The weak quarterly earnings were primarily due to flat pressure pumping revenues and slightly declining performance across other service lines.
Operating profit in the Technical Services segment totaled $14 million, significantly lower than the year-ago quarter’s $31.9 million. The results were primarily affected by pressure pumping pricing, which remained highly competitive.
Operating profit in the Support Services segment amounted to $2.7 million, lower than the year-ago level of $3.6 million.
Total operating profit in the quarter was $12.4 million, down from $32.3 million in the year-ago quarter. The average domestic rig count was 588, down 5.6% year over year.
The average oil price in the quarter was $71.93 per barrel, down 7.1% year over year. The average price of natural gas was $4.14 per thousand cubic feet, up 92.6% from the figure recorded in the corresponding period of 2024.
Costs & Expenses
In the first quarter, the cost of revenues decreased to $243.9 million from $250.2 million in the prior-year period. Selling, general and administrative expenses amounted to $42.5 million, higher than the year-ago quarter’s $41.2 million.
Financials
RPC’s total capital expenditure was $32.3 million.
As of March 31, the company had cash and cash equivalents of $326.7 million and maintained a debt-free balance sheet.
RES’ Zacks Rank and Key Picks
RES currently carries a Zacks Rank #3 (Hold).
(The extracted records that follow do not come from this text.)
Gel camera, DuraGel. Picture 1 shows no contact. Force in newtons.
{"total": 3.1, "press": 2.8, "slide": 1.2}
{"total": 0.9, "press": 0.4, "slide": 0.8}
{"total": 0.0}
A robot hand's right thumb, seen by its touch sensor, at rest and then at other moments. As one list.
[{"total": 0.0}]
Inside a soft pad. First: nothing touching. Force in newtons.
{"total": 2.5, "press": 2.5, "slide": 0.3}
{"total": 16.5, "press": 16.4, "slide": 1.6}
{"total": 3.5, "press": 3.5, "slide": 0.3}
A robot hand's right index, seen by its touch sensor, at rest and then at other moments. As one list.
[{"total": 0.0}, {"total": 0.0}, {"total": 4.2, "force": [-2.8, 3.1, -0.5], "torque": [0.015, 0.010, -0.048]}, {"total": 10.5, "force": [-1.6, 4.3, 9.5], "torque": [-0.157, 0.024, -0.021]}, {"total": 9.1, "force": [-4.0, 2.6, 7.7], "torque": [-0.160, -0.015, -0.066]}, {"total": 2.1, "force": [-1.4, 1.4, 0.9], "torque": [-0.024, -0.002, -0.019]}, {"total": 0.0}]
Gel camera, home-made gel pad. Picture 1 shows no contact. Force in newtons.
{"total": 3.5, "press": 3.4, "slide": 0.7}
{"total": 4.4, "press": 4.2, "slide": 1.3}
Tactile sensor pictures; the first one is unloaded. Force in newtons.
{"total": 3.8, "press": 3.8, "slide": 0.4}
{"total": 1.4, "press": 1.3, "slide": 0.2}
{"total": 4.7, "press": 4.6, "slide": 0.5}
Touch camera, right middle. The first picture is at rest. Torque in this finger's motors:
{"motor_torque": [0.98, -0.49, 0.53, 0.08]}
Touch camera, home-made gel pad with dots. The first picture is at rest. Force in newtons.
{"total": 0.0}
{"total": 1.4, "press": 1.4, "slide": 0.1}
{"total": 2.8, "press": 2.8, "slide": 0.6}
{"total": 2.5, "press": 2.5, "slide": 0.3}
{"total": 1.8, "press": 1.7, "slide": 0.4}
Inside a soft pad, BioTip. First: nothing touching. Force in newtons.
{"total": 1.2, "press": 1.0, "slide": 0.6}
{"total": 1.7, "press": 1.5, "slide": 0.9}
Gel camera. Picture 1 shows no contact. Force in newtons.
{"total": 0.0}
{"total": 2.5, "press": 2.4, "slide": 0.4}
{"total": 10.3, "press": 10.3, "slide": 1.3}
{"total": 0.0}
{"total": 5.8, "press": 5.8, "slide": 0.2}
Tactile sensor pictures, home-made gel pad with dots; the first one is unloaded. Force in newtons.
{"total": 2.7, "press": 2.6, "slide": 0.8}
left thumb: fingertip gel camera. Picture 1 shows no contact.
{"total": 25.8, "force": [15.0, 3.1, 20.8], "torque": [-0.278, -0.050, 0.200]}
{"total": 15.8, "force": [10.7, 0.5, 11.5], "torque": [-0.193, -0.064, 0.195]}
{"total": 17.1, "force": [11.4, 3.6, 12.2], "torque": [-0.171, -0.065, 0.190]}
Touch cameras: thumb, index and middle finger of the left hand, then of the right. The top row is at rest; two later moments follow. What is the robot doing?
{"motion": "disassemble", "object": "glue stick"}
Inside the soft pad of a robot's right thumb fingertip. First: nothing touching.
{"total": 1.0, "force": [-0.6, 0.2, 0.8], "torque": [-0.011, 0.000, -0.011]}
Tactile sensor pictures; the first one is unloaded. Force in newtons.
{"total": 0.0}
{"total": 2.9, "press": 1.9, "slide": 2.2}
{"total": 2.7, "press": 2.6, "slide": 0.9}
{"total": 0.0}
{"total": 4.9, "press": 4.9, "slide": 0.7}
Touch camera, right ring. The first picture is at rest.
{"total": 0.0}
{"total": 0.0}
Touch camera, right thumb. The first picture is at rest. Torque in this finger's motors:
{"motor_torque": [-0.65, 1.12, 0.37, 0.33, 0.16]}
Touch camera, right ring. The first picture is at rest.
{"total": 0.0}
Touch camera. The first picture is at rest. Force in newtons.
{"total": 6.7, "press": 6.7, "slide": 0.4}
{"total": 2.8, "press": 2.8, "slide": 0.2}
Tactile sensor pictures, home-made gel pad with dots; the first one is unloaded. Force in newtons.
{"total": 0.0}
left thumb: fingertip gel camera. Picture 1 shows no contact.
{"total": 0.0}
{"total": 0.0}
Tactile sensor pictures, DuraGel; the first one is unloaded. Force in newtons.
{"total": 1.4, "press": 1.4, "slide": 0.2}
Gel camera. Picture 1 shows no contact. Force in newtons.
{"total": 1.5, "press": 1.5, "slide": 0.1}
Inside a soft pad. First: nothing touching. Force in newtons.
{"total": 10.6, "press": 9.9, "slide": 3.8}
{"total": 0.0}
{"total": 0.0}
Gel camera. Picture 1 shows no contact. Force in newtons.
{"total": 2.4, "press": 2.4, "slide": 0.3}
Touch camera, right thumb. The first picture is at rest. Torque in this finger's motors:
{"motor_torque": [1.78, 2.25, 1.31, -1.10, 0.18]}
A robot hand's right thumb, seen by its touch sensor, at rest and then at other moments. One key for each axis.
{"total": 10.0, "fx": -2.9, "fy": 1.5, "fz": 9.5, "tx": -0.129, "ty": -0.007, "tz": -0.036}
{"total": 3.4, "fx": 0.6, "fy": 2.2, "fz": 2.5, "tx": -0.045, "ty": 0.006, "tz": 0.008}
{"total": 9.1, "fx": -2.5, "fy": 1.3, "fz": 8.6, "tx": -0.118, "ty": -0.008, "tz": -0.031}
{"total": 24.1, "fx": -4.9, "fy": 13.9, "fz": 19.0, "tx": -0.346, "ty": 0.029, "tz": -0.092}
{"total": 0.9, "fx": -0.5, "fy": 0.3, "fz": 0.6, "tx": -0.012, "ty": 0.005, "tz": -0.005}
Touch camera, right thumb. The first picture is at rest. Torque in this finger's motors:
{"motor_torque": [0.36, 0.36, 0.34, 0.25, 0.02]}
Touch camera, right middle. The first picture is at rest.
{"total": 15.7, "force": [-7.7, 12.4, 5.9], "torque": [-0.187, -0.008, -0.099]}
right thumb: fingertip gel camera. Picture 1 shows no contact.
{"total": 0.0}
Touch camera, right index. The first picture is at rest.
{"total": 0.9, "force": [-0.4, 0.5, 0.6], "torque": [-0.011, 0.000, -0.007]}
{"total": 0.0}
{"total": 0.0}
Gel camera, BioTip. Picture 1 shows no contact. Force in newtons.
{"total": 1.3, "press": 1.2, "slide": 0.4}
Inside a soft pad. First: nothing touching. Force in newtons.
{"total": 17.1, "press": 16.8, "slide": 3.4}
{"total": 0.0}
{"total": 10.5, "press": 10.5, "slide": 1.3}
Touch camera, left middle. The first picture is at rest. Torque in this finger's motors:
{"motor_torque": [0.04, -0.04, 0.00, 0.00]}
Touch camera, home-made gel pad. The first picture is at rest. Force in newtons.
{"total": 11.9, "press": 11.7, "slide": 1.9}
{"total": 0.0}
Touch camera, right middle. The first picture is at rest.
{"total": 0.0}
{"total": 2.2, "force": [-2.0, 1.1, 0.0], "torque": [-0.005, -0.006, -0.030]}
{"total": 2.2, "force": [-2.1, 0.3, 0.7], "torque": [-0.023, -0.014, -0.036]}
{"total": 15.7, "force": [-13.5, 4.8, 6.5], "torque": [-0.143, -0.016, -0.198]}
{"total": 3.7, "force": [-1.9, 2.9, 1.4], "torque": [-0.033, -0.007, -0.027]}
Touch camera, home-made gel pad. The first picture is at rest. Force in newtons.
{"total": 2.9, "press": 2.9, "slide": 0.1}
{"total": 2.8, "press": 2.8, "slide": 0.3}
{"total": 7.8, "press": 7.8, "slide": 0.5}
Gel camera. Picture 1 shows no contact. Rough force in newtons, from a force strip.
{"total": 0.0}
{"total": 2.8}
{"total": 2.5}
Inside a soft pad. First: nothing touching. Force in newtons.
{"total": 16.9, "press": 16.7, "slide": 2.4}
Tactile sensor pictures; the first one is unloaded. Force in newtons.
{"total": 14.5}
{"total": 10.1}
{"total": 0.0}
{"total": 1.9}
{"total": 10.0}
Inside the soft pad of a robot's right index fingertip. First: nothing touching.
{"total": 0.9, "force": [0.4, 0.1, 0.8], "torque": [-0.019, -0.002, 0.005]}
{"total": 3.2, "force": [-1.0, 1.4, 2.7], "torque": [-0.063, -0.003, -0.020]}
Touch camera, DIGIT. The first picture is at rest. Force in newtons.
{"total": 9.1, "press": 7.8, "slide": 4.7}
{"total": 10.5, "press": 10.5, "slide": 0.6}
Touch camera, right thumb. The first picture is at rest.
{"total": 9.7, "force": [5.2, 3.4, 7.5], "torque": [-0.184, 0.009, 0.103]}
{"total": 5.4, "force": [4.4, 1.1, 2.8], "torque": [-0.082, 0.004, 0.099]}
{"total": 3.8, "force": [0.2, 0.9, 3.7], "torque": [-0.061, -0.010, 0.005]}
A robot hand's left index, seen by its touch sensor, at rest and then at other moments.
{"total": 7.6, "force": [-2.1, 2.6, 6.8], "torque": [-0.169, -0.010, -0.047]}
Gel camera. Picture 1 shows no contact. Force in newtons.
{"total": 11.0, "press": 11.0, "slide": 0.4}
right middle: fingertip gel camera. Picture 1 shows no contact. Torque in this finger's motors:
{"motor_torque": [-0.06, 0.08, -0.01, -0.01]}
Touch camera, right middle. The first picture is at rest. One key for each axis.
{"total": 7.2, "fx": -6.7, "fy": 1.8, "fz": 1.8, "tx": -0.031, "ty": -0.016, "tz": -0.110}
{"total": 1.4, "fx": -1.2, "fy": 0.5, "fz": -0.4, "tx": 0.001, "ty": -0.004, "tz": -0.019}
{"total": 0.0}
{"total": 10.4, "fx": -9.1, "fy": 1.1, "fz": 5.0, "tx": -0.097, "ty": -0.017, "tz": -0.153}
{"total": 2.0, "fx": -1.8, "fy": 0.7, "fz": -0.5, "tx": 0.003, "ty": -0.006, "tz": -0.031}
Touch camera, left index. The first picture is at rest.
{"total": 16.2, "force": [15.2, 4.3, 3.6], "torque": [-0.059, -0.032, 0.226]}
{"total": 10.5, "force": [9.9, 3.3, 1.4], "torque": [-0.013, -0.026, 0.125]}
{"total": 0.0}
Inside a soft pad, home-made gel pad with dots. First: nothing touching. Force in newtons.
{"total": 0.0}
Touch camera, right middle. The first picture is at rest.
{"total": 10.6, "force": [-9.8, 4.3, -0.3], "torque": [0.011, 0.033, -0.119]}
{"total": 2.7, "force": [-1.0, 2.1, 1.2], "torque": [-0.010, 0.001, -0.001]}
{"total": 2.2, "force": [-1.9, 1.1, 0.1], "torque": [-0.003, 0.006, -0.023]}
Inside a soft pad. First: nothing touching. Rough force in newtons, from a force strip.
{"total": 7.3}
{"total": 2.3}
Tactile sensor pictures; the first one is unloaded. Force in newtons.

Investors interested in the energy sector may look at some better-ranked stocks like Archrock Inc. (AROC - Free Report) , Kinder Morgan, Inc. (KMI - Free Report) and Enterprise Products Partners L.P. (EPD - Free Report) . While Archrock presently sports a Zacks Rank #1 (Strong Buy), Kinder Morgan and Enterprise Products carry a Zacks Rank #2 (Buy) each. You can see the complete list of today’s Zacks #1 Rank stocks here.
Archrock is an energy infrastructure company based in the United States with a focus on midstream natural gas compression. AROC provides natural gas contract compression services and generates stable fee-based revenues.
Archrock’s earnings beat estimates in three of the trailing four quarters and met once, delivering an average surprise of 8.81%.
Kinder Morgan is a leading midstream player in North America with a stable and resilient business model, largely driven by take-or-pay contracts, which ensure consistent earnings and facilitate reliable capital returns to shareholders. KMI operates one of the largest natural gas pipeline networks, positioning it to benefit from the projected increase in U.S. natural gas demand by 2030.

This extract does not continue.